## [How to complete this task]
An exact transcription of every record below is required, with the pictures left out.

## [Data supplied]
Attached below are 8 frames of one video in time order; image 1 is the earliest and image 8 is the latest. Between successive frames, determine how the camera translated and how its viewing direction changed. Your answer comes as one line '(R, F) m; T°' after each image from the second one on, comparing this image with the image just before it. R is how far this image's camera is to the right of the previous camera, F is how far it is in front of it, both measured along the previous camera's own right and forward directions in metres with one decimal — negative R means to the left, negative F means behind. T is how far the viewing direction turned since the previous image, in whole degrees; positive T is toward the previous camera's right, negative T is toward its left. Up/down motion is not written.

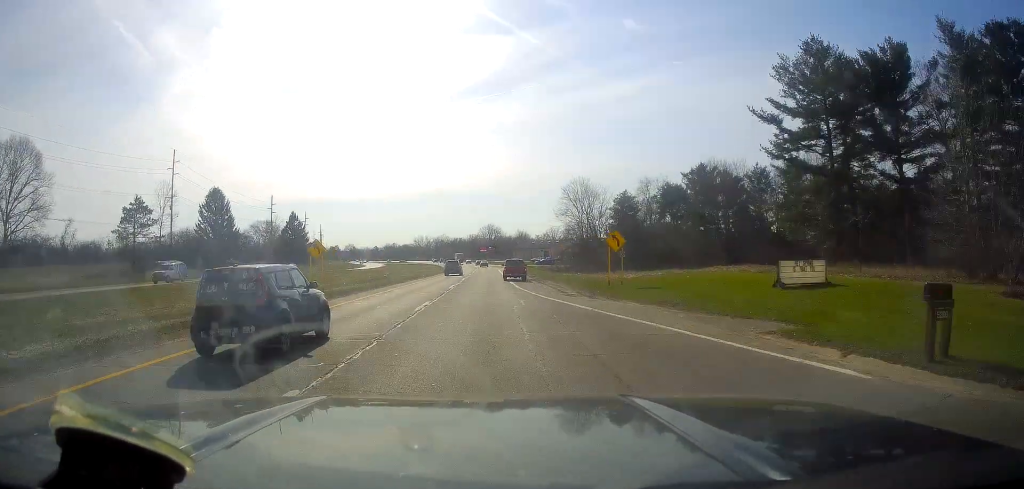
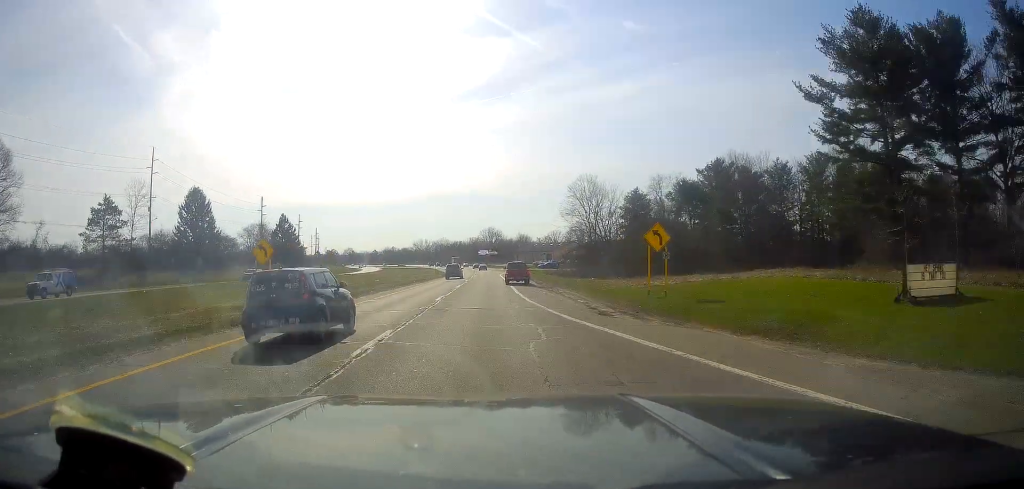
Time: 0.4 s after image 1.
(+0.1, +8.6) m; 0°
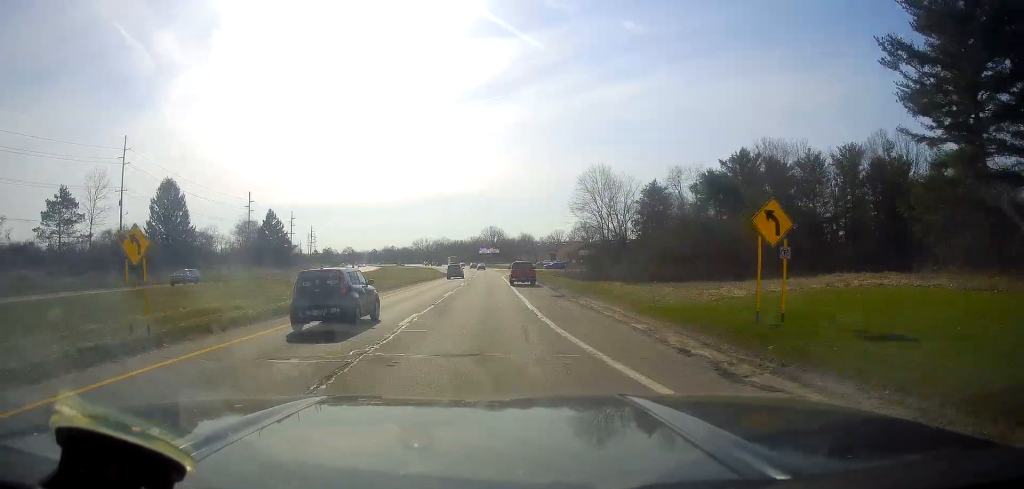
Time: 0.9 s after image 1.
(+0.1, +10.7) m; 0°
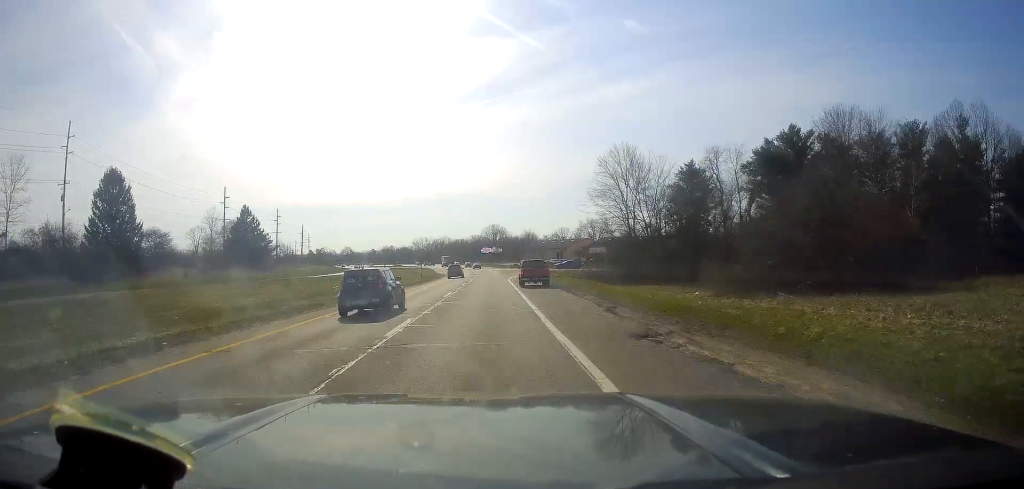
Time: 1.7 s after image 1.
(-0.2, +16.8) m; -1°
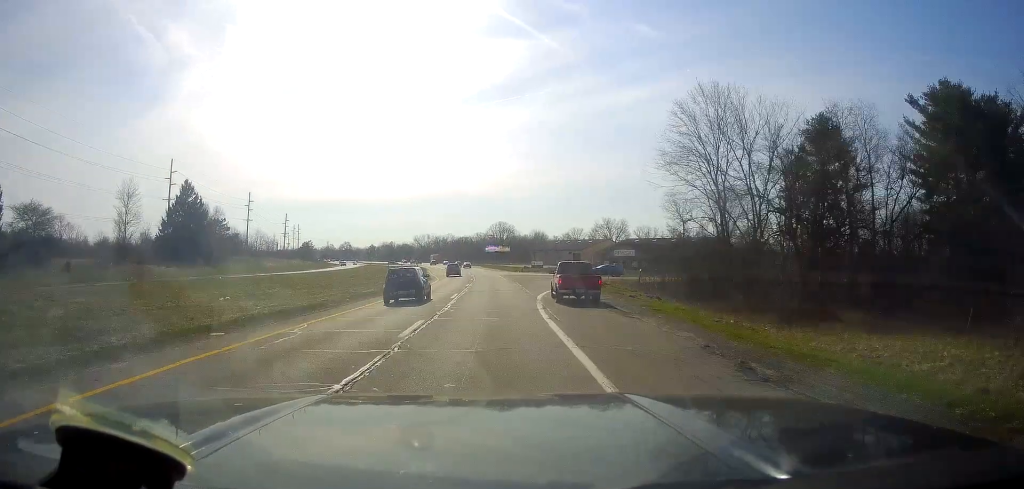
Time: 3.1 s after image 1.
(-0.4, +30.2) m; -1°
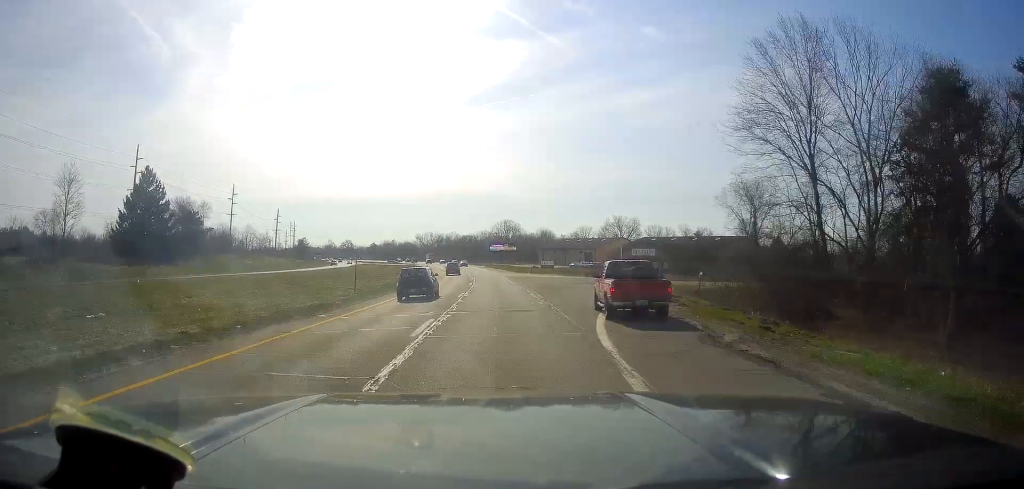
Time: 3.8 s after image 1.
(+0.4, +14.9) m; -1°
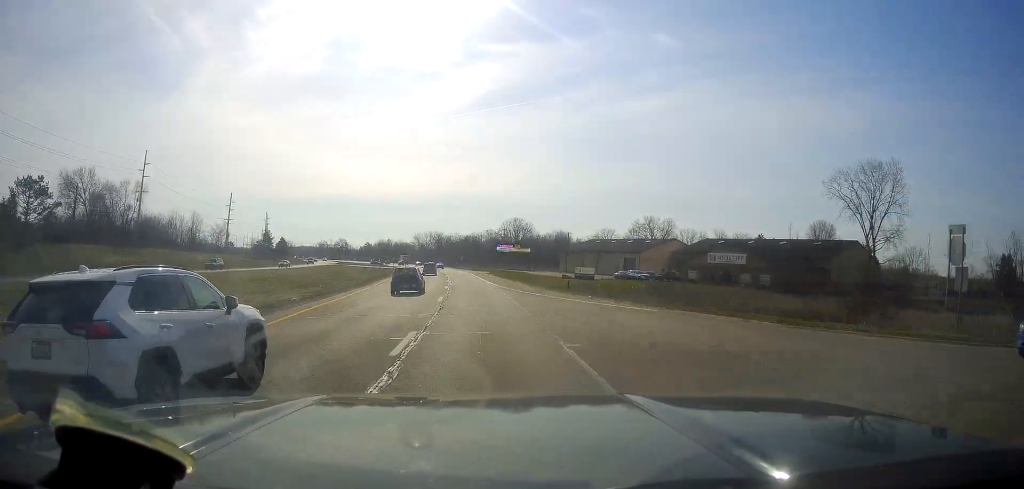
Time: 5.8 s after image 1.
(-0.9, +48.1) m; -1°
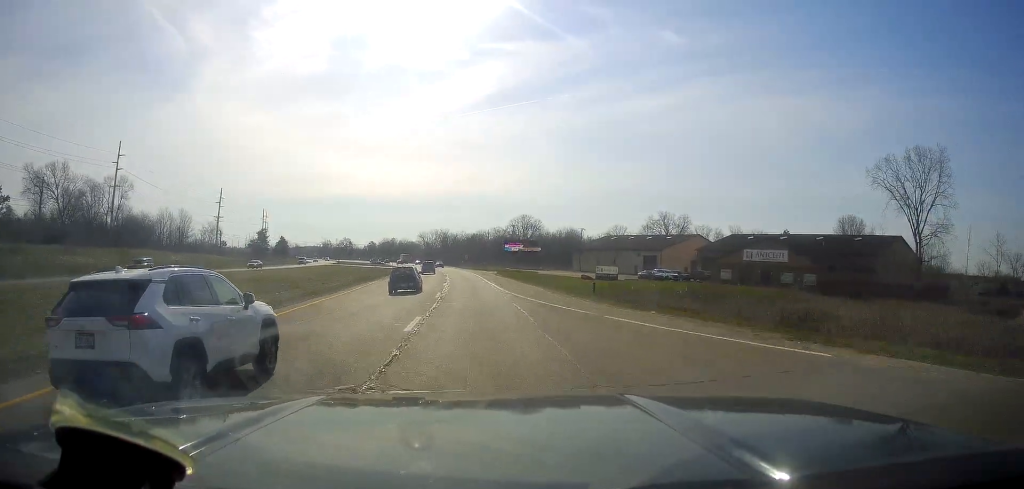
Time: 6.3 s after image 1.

## [Exercise output]
Attached below are 8 frames of one video in time order; image 1 is the earliest and image 8 is the latest. Between successive frames, determine how the camera translated and how its viewing direction changed. Your answer comes as one line '(R, F) m; T°' after each image from the second one on, comparing this image with the image just before it. R is how far this image's camera is to the right of the previous camera, F is how far it is in front of it, both measured along the previous camera's own right and forward directions in metres with one decimal — negative R means to the left, negative F means behind. T is how far the viewing direction turned since the previous image, in whole degrees; positive T is toward the previous camera's right, negative T is toward its left. Up/down motion is not written.

Time: 0.4 s after image 1.
(+0.1, +8.6) m; 0°
Time: 0.9 s after image 1.
(+0.1, +10.7) m; 0°
Time: 1.7 s after image 1.
(-0.2, +16.8) m; -1°
Time: 3.1 s after image 1.
(-0.4, +30.2) m; -1°
Time: 3.8 s after image 1.
(+0.4, +14.9) m; -1°
Time: 5.8 s after image 1.
(-0.9, +48.1) m; -1°
Time: 6.3 s after image 1.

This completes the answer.